## What you need to do:
Your answer must be the exact lines from the one with "A frame 2.4 seconds after image 1." to the end of the data, both included, with no pictures.

## Given entries:

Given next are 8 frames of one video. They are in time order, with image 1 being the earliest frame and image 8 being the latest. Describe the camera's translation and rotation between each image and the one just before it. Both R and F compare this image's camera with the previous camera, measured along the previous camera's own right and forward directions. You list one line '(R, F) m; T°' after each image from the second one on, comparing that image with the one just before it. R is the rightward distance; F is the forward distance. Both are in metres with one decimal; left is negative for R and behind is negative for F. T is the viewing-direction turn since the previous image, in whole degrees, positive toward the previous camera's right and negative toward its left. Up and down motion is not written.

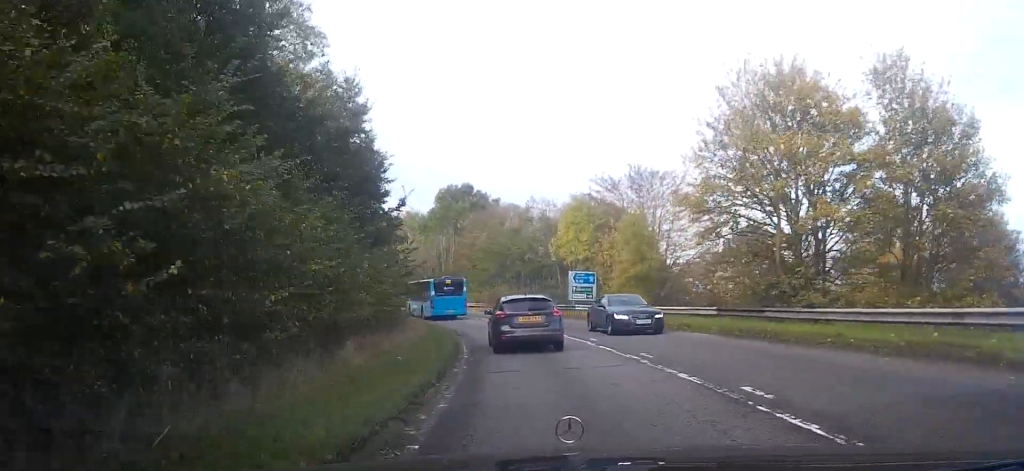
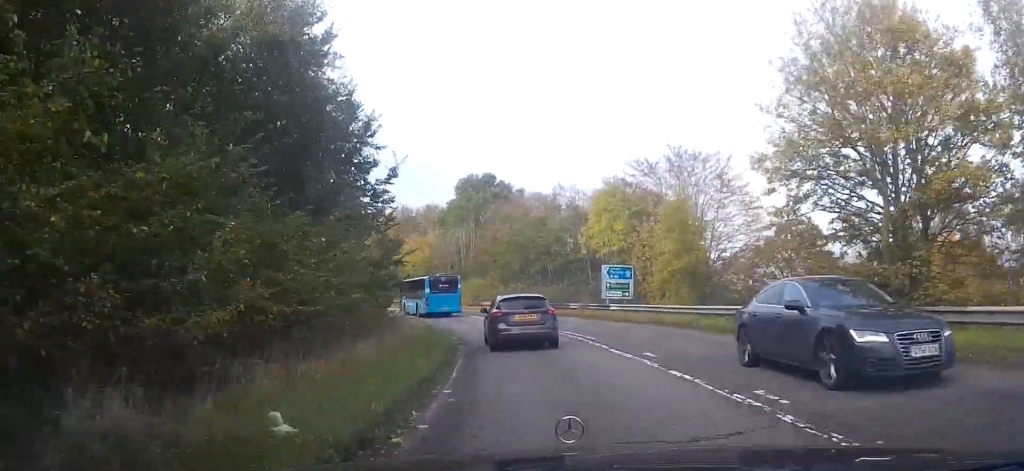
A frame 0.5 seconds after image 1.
(-0.2, +6.1) m; -2°
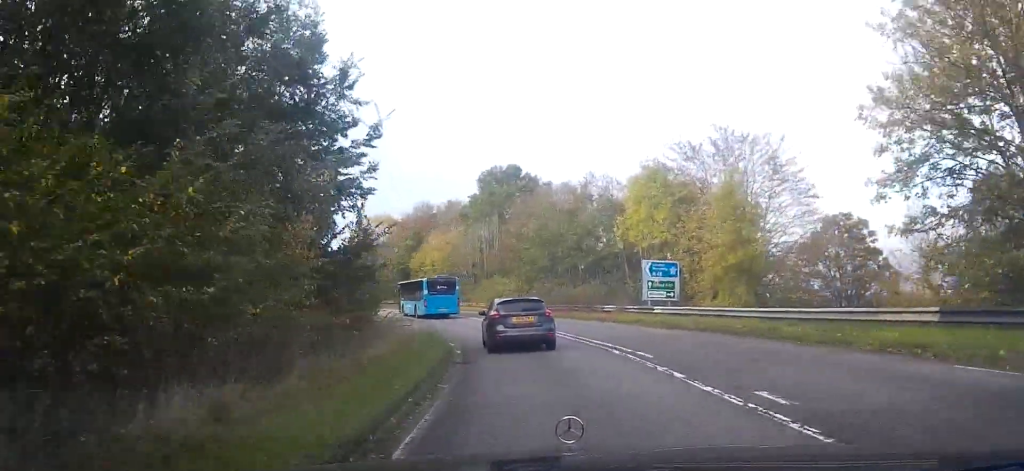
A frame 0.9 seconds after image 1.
(0.0, +5.6) m; 0°
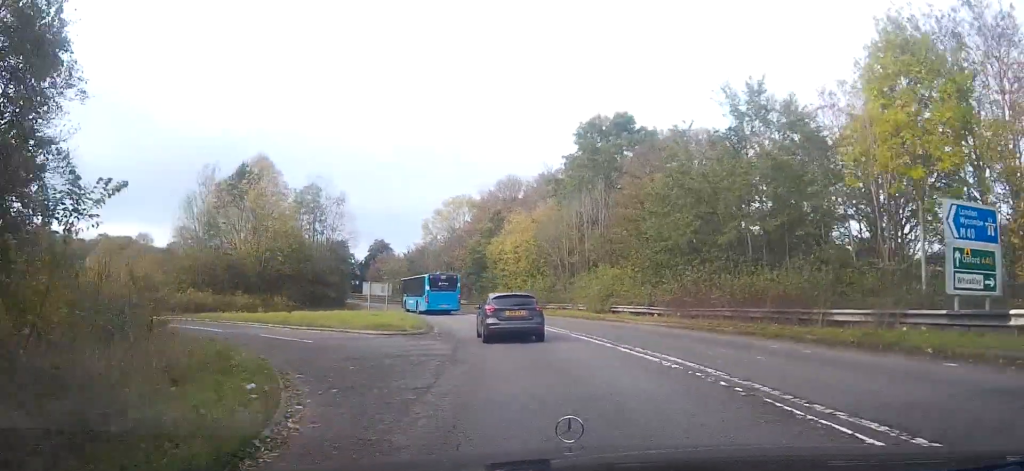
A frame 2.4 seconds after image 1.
(0.0, +19.5) m; 0°
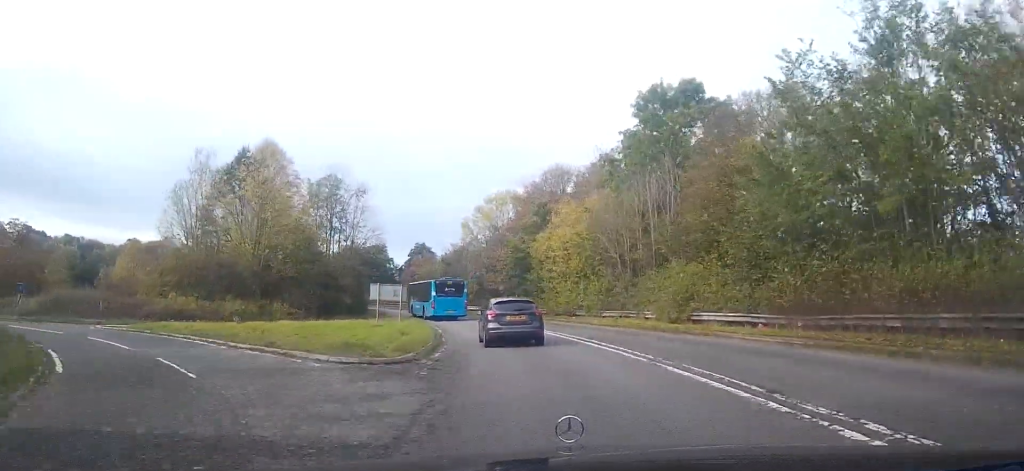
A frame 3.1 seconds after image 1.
(0.0, +8.9) m; 0°
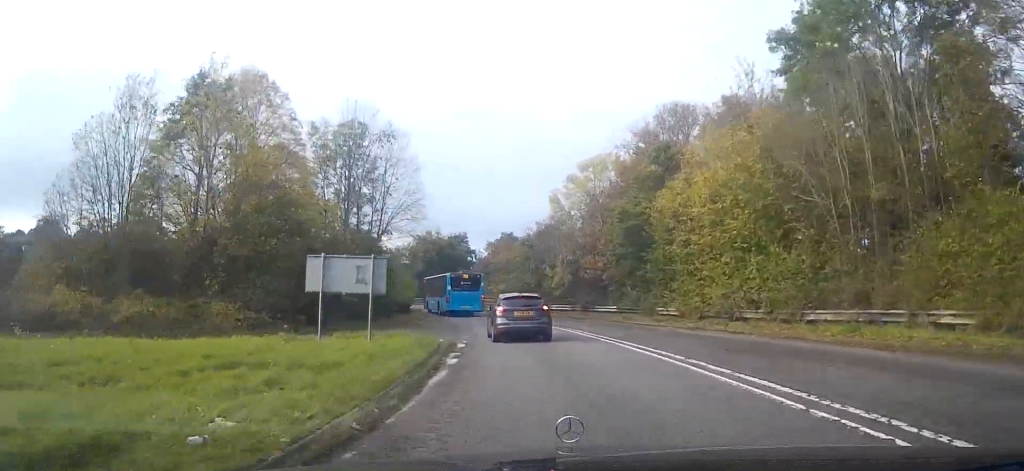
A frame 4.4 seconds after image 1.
(0.0, +19.2) m; -3°
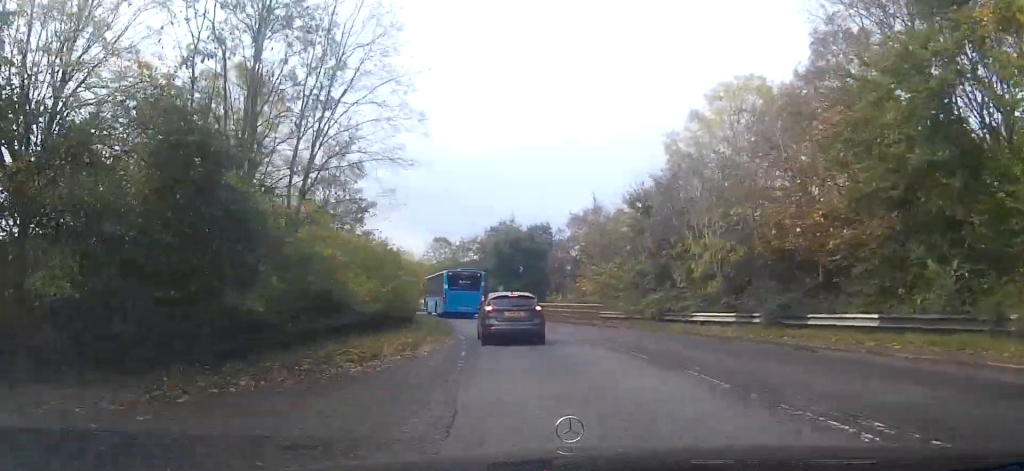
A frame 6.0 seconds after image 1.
(-3.7, +21.9) m; -21°
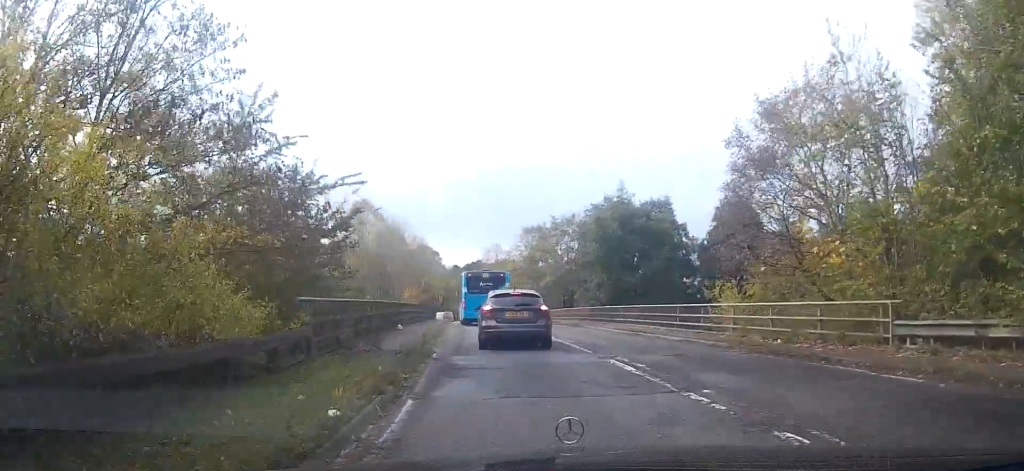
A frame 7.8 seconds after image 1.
(-2.5, +23.5) m; -10°

## Solved exercise:
A frame 2.4 seconds after image 1.
(0.0, +19.5) m; 0°
A frame 3.1 seconds after image 1.
(0.0, +8.9) m; 0°
A frame 4.4 seconds after image 1.
(0.0, +19.2) m; -3°
A frame 6.0 seconds after image 1.
(-3.7, +21.9) m; -21°
A frame 7.8 seconds after image 1.
(-2.5, +23.5) m; -10°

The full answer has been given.